*TASK TO CARRY OUT*. If a line contains the word "translate", include it in the count; state how many such lines the listing has and nothing else.

····················

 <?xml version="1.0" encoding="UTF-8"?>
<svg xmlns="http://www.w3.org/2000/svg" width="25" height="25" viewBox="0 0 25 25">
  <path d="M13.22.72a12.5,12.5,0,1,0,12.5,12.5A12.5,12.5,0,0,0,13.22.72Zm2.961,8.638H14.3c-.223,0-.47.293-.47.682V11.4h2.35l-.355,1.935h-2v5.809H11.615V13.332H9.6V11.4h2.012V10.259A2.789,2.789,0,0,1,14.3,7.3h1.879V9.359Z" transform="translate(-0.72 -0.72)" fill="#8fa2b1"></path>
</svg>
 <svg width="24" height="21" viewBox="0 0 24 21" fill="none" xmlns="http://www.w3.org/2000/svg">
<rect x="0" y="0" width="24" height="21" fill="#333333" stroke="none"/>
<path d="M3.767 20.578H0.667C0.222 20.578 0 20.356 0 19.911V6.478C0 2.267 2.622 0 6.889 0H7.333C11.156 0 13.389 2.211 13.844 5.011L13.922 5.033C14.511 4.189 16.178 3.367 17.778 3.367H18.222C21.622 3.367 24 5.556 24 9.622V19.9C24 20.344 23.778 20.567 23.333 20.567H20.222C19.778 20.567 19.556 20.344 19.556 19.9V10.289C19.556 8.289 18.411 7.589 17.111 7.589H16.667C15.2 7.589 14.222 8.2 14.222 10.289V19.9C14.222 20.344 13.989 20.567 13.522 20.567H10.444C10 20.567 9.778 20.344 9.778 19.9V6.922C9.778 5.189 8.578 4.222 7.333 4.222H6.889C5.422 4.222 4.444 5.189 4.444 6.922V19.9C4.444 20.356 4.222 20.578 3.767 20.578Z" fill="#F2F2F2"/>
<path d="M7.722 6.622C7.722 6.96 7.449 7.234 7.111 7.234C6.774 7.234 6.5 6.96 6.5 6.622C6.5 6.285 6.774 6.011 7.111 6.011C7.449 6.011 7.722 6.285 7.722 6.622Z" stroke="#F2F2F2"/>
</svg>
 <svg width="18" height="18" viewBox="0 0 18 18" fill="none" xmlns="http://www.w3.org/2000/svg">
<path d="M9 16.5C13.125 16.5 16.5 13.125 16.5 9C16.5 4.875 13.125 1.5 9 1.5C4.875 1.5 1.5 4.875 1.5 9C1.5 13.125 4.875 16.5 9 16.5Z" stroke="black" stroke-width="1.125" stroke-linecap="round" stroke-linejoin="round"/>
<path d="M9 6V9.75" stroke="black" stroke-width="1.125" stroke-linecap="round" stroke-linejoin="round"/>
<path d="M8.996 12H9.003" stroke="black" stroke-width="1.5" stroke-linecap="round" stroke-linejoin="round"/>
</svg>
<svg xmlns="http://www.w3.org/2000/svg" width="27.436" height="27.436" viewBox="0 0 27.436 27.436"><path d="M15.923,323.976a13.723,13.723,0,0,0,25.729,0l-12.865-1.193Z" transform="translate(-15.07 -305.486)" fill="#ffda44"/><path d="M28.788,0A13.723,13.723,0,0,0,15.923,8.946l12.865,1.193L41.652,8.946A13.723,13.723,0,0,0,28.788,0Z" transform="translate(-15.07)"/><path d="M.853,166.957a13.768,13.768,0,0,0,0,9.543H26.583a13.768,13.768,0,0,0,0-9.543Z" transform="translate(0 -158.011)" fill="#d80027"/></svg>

····················

*RESPONSE*. 2